When the lowered structure changes, run poetry run python scripts/emit_expect_graph.py <testcase> to regenerate a canonical snippet; paste the result into the plugin metadata (script: expect_graph emitter).
The helper relies on auto_expect_graph_spec internally, so it always reflects the current ONNX graph without persisting extra fixtures.

IR optimizer (plugin-agnostic)¶

Before serialization we run a tiny, structure-only optimization sweep. The canonical rules and implementation notes live in IR Optimizer Guide. Today the only pass folds redundant Transpose → [elementwise]* → Transpose pairs when their permutations compose to identity; future passes must follow the same IR-only, backend-agnostic constraints.

Testing expectations (how “exact” works)¶

Anchored path checks. Tests can say: Transpose → Conv → Relu → AveragePool → … With match="exact", the test fails if required ops are missing or extra ops are present between anchors.
CNN sentinel. The CNN static test is a canary: if Conv doesn’t lower, flatten will see {B,14,14,1} and fail a later Reshape(B,3136). With the optimizer, extra Transpose…Transpose pairs around Relu are eliminated; pairs around AveragePool remain (by design).

See Expect Graph Reference for a focused reference on writing expect_graph checks (shapes, counts, symbols, and helper flags).

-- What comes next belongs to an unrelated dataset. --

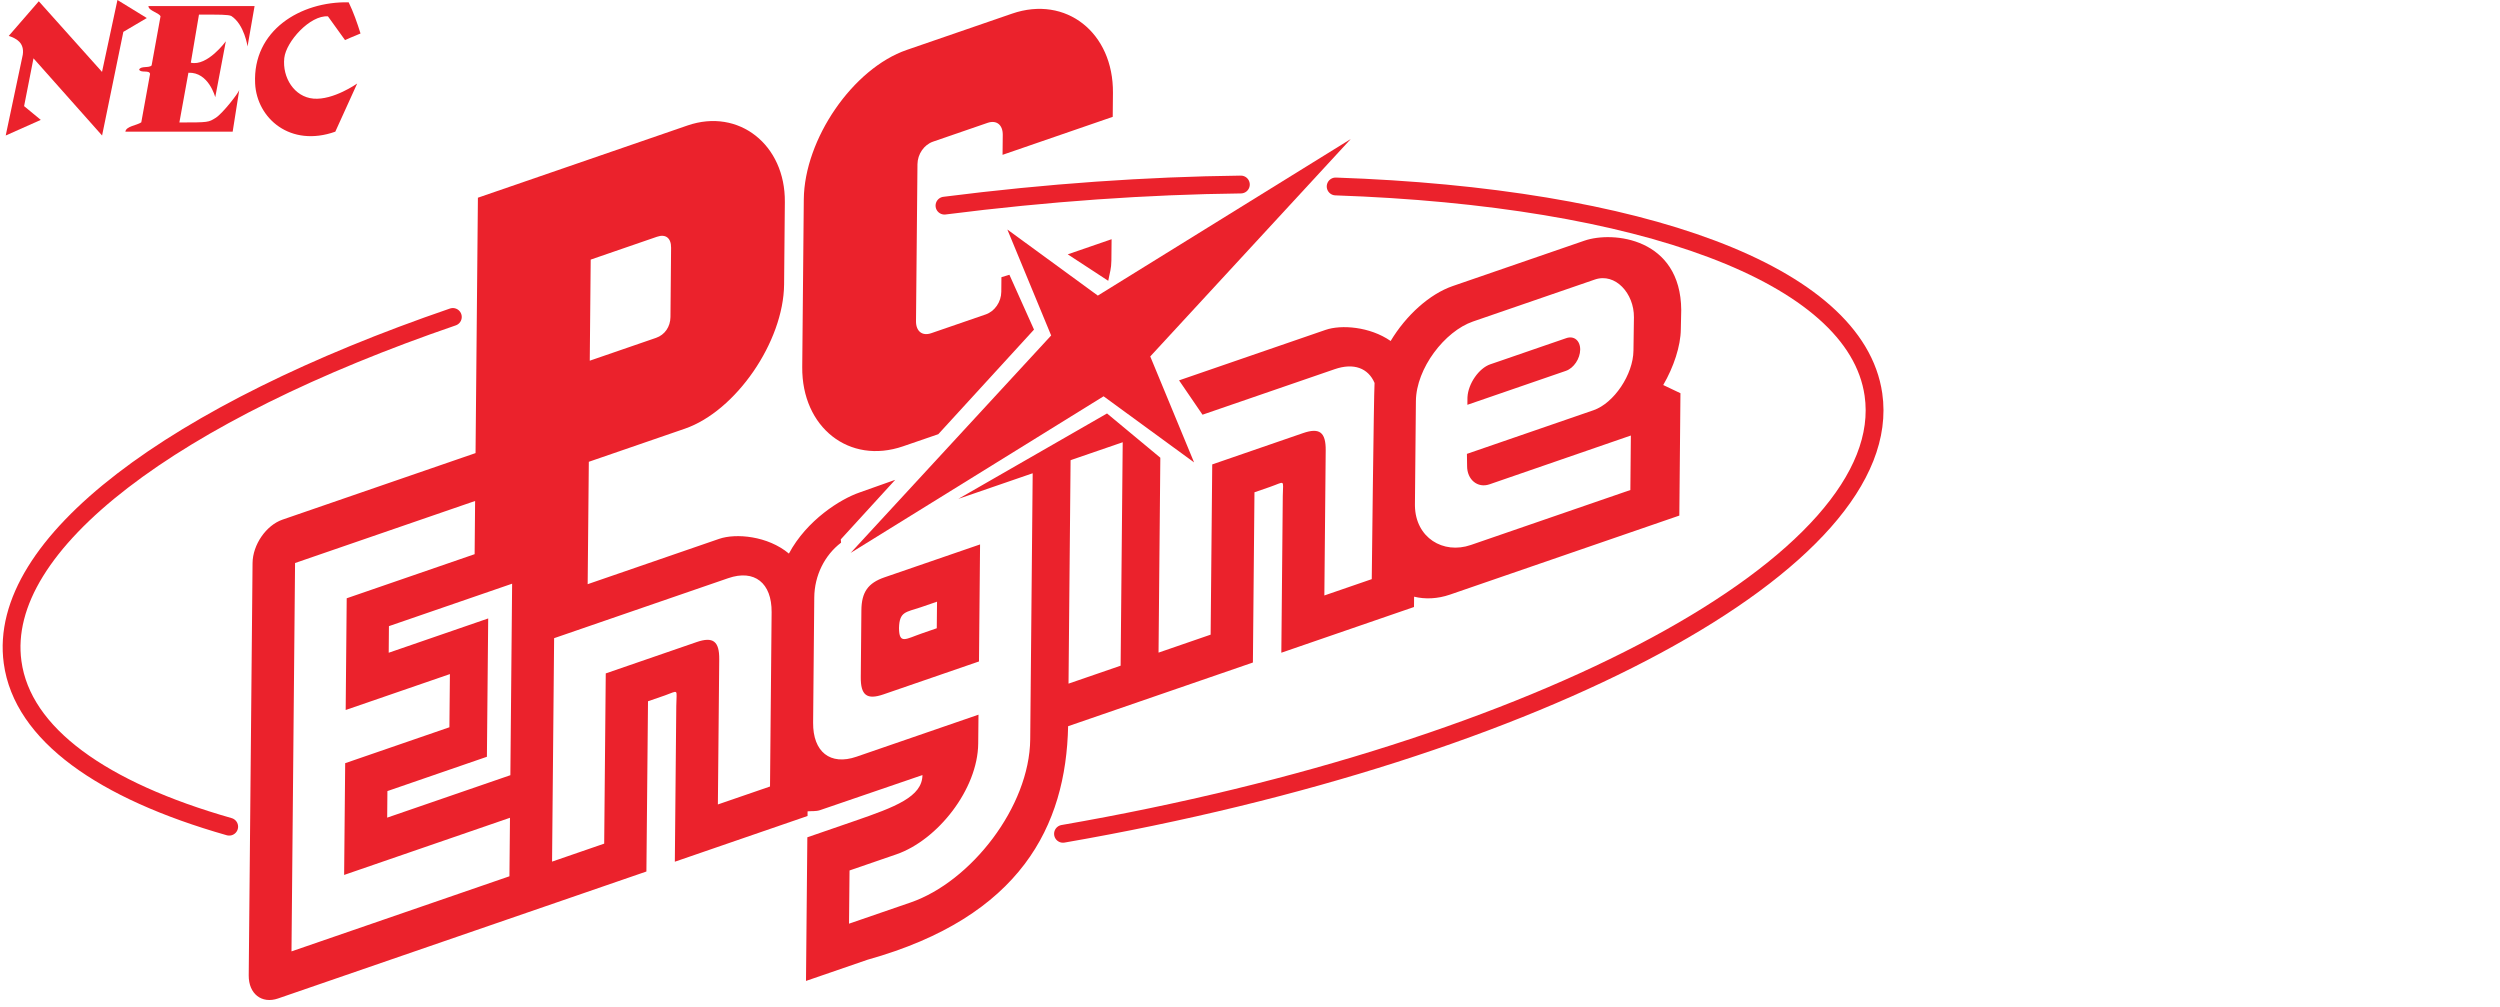 <svg width="432" height="174" xmlns="http://www.w3.org/2000/svg"><g fill="none" fill-rule="evenodd"><path d="M0 0h432v174H0z"/><path d="M39.604 142.85c-21.91-6.236-35.736-15.963-37.428-28.42-2.8-20.534 28.065-43.198 76.075-59.66M163.205 35.535c17.848-2.273 35.084-3.46 51.217-3.65M230.801 32.221c52.45 1.808 89.905 14.988 92.93 35.957 4.139 28.662-57.523 61.581-140.044 75.904" stroke="#EB222C" stroke-width="3.079" stroke-linecap="round" stroke-linejoin="round"/><path fill="#EB222C" fill-rule="nonzero" d="m198.763 61.594 34.65-37.571-43.708 27.057-15.637-11.422 7.572 18.313-34.65 37.572 43.708-27.063 15.637 11.423-7.572-18.309"/><path d="m101.911 62.329.162-17.469 11.461-3.95c1.504-.517 2.45.226 2.43 1.911l-.108 11.955c-.019 1.69-.98 3.086-2.483 3.603l-11.462 3.95zM244.5 87.159l.168-17.86c.054-5.65 4.985-12.059 9.853-13.738l21.06-7.254c3.549-1.224 6.803 2.406 6.762 6.528l-.082 5.754c-.04 4.122-3.369 9.082-6.917 10.305l-21.86 7.536.03 2.076c-.02 2.372 1.82 3.894 3.863 3.188l24.434-8.436-.086 9.418-27.564 9.498c-4.793 1.652-9.557-1.267-9.66-6.751l-.001-.263zm-59.3-7.71 8.804-3.029-.361 38.613-9.002 3.1.356-38.606.202-.077zm-52.141 56.46-9.009 3.1.234-25.071c.032-3.142-1.063-3.968-3.914-2.985l-15.695 5.412-.27 29.415-9.008 3.107.356-38.611 30.09-10.37c4.52-1.56 7.541.815 7.493 5.894l-.277 30.11zm-44.935 5.403-.094 10.111L50.37 164.4l.616-67.111 31.113-10.721-.084 9.195-22.105 7.62-.177 19.305 18.01-6.206-.086 9.19-18.01 6.206-.182 19.312 28.659-9.878zm.068-7.357-21.287 7.334.04-4.59 17.192-5.928.223-23.903-17.192 5.927.04-4.597 21.287-7.335-.303 33.092zm51.352 7.048.005-.804c.61-.061 1.458.03 2.144-.202l17.707-6.065c-.036 3.753-4.674 5.508-11.792 7.958l-8.1 2.795-.232 24.82 10.644-3.666c26.49-7.414 34.29-23.156 34.652-40.35l31.93-11.005.27-29.417 2.598-.897c2.789-.963 2.34-1.417 2.296 1.522l-.251 27.1 22.923-7.9.019-1.785c1.918.47 4.048.382 6.187-.353l39.645-13.661.194-21.143-2.976-1.417c1.813-3.115 3.013-6.75 3.04-9.627l.072-3.343c-.094-12.434-11.791-13.678-16.731-11.974l-22.752 7.84c-4.028 1.39-8.084 5.083-10.73 9.495-3.606-2.5-8.556-2.847-11.236-1.923l-25.327 8.727 4.053 5.933 22.847-7.868c3.293-1.137 5.794-.183 6.887 2.39l-.008.084c-.131 1.984-.482 33.81-.482 33.81l-8.19 2.821.233-25.077c.027-3.14-1.068-3.963-3.914-2.98l-15.694 5.411-.276 29.417-9.002 3.106.31-33.68-9.21-7.65-25.698 14.762 12.644-4.358.205-.065-.425 45.962c-.11 11.68-10.268 24.615-20.668 28.201l-10.644 3.665.09-9.196 8.097-2.788c7.117-2.456 14.069-11.238 14.138-19.153l.049-4.98L148 130.76c-4.52 1.559-7.543-.821-7.493-5.895l.199-21.608c.032-3.839 1.807-7.335 4.63-9.486l-.048-.567 9.405-10.292-6.168 2.19c-3.288 1.13-9.112 4.772-12.201 10.557-3.647-3.061-9.166-3.542-12.05-2.547l-22.724 7.834.199-21.15 16.579-5.713c8.825-3.04 17.07-15.022 17.165-24.927l.13-14.25c.094-9.912-7.985-16.267-16.81-13.227l-36.23 12.485-.408 44.13-33.362 11.499c-2.824.973-5.145 4.336-5.171 7.507l-.662 71.252c-.027 3.17 2.24 4.957 5.064 3.984l63.656-21.94.277-29.418 2.917-1.01c2.485-.894 2-1.19 1.969 1.826l-.25 26.91 22.929-7.9zm114.03-72.167-.01 1.115 17.032-5.87c1.343-.465 2.444-2.101 2.462-3.663.011-1.562-1.066-2.45-2.408-1.985l-4.378 1.505-6.978 2.408-1.77.605c-1.982.685-3.815 3.345-3.944 5.668l-.007.217zm-104.726 36.637-.106 11.533c-.031 3.147 1.063 3.968 3.915 2.985l16.512-5.69.186-20.222-16.513 5.685c-2.852.983-3.968 2.563-3.994 5.71zm6.5 3.052c.074-2.85 1.136-2.711 3.763-3.588l2.809-.965-.046 4.592-2.592.897c-2.785.96-3.912 1.95-3.934-.936z" fill="#EB222C" fill-rule="nonzero"/><path d="m178.676 56.953-4.25-9.474-1.38.419-.023 2.525c-.014 1.75-1.135 3.371-2.688 3.909l-9.416 3.243c-1.553.537-2.649-.324-2.634-2.074l.253-27.121c.015-1.744 1.135-3.366 2.688-3.903l9.417-3.244c1.552-.537 2.649.325 2.633 2.069l-.036 3.453 19.038-6.564.039-4.134c.094-10.433-8.128-16.903-17.424-13.704L156.68 8.63c-9.29 3.203-17.69 15.4-17.785 25.833l-.269 28.96c-.095 10.433 8.127 16.903 17.422 13.699l6.09-2.094 16.54-18.075M191.505 48.524c.27-1.466.53-2.051.543-3.508l.036-3.681-7.576 2.614 6.997 4.575" fill="#EB222C" fill-rule="nonzero"/><g fill="#EB222C" fill-rule="nonzero"><path d="M25.65 1.054H43.99l-1.216 6.97s-.54-3.778-2.798-5.257c-.56-.262-1.996-.244-5.594-.244l-1.409 8.31c2.87.675 6.051-3.697 6.051-3.697l-1.83 9.664s-1.122-4.376-4.638-4.23l-1.56 8.595c5.12 0 5.021-.036 6.259-.792 1.193-.729 3.98-4.32 4.086-4.823l-1.137 7.203H21.663c.137-.96 1.944-1.062 2.752-1.613l1.517-8.36c-.122-.748-1.589-.104-1.886-.746.252-.687 1.726-.236 2.154-.732l1.54-8.483c-.276-.642-2.09-.956-2.09-1.765zM60.252.402c.807 1.665 1.456 3.494 2.046 5.384-1.121.435-2.676 1.142-2.676 1.142L56.67 2.826c-3.075-.24-7.231 4.34-7.546 7.201-.368 3.386 1.738 6.73 5.038 7.016 3.438.298 7.558-2.61 7.558-2.61l-3.779 8.32c-7.793 2.773-13.56-2.318-13.856-8.32C43.633 5.268 51.925.217 60.252.401z"/><path d="M17.631 12.424 20.296 0l5.07 3.116-4.052 2.39-3.675 17.912L5.787 10.08l-1.623 8.259 2.883 2.378-6.06 2.7L3.933 9.47c.32-2.108-1.137-2.833-2.42-3.269L6.704.22 17.63 12.424z"/></g></g></svg>

Typical plugin lifecycle (concrete but generic)¶

Register @register_primitive(jaxpr_primitive="…") puts a PrimitiveLeafPlugin instance in the registry under that string key. The core will later match that key with eqn.primitive.name.
Patch binding_specs() (optional) returns MonkeyPatchSpecs: “replace module.symbol with prim.bind(…) shim”. If there are multiple aliases, the plugin lists them. The core just applies them all.
Abstract eval def abstract_eval(*avals, **params): returns a ShapedArray (or tuple) describing the outputs. Use jax.eval_shape on lax.* helpers if that’s easier, but never call the patched function (it would recurse).
Lower def lower(ctx, eqn):
x = ctx.get_value_for_var(eqn.invars[0])
Create IR nodes (e.g., Transpose, Conv, CastLike, …),
ctx.bind_value_for_var(eqn.outvars[0], y)

That’s the whole contract.

Failure modes & how the architecture contains them¶

Patch activation window too late. If activation doesn’t wrap tracing, the jaxpr will never contain the plugin’s primitive names. The core still doesn’t special-case anything; you just see “no plugin for primitive ‘foo’”. Fix = activate around make_jaxpr.
Plugin forgets to bind the output. Then the core’s generic guardrail catches it and fails the build at the exact primitive, without central knowledge of op names.
Multiple symbols for the same high-level op. Plugins add multiple patch specs. The core applies them all — still no names or allow-lists in the core.
An unfinished plugin gets imported. If it also patches a runtime path it can trip tracing/lowering. Fix in the plugin: either complete it or don’t patch until ready. The core does not and should not maintain an allow/deny list.

Architectural Guarantees¶

Inversion of control. The only dynamic choice the core makes is: “Given eqn.primitive.name (a string), ask the registry for a handler.” There is zero knowledge of concrete ops or frameworks.
Uniform contracts. Every plugin implements the same three hooks. The core only provides generic services (var→value map, name generator, constant creation, and a place to put nodes).
No central policy on which plugins are ‘on’. Activation applies whatever plugins declare. If a plugin shouldn’t change tracing yet, it shouldn’t publish a monkey-patch — that decision is local to the plugin, not the core.

TL;DR blueprint (for maintainers)¶

Core = small, generic: discover, activate, trace, loop eqns, call plugin.lower, assert outputs bound, run IR optimizer, finalize ONNX. No plugin names. Ever.
Plugins = specific: declare patches (all aliases), implement abstract_eval, implement lower (bind outvars), own all op semantics.
Context = minimal API for plugins: get_value_for_var, bind_value_for_var, fresh_name, plus a couple IR conveniences; no framework knowledge.
Optimizer = tiny, safe, and IR-only: fold layout ping-pongs across pure elementwise ops; match by name or object; never mutate Node.inputs directly — use replace_input_with.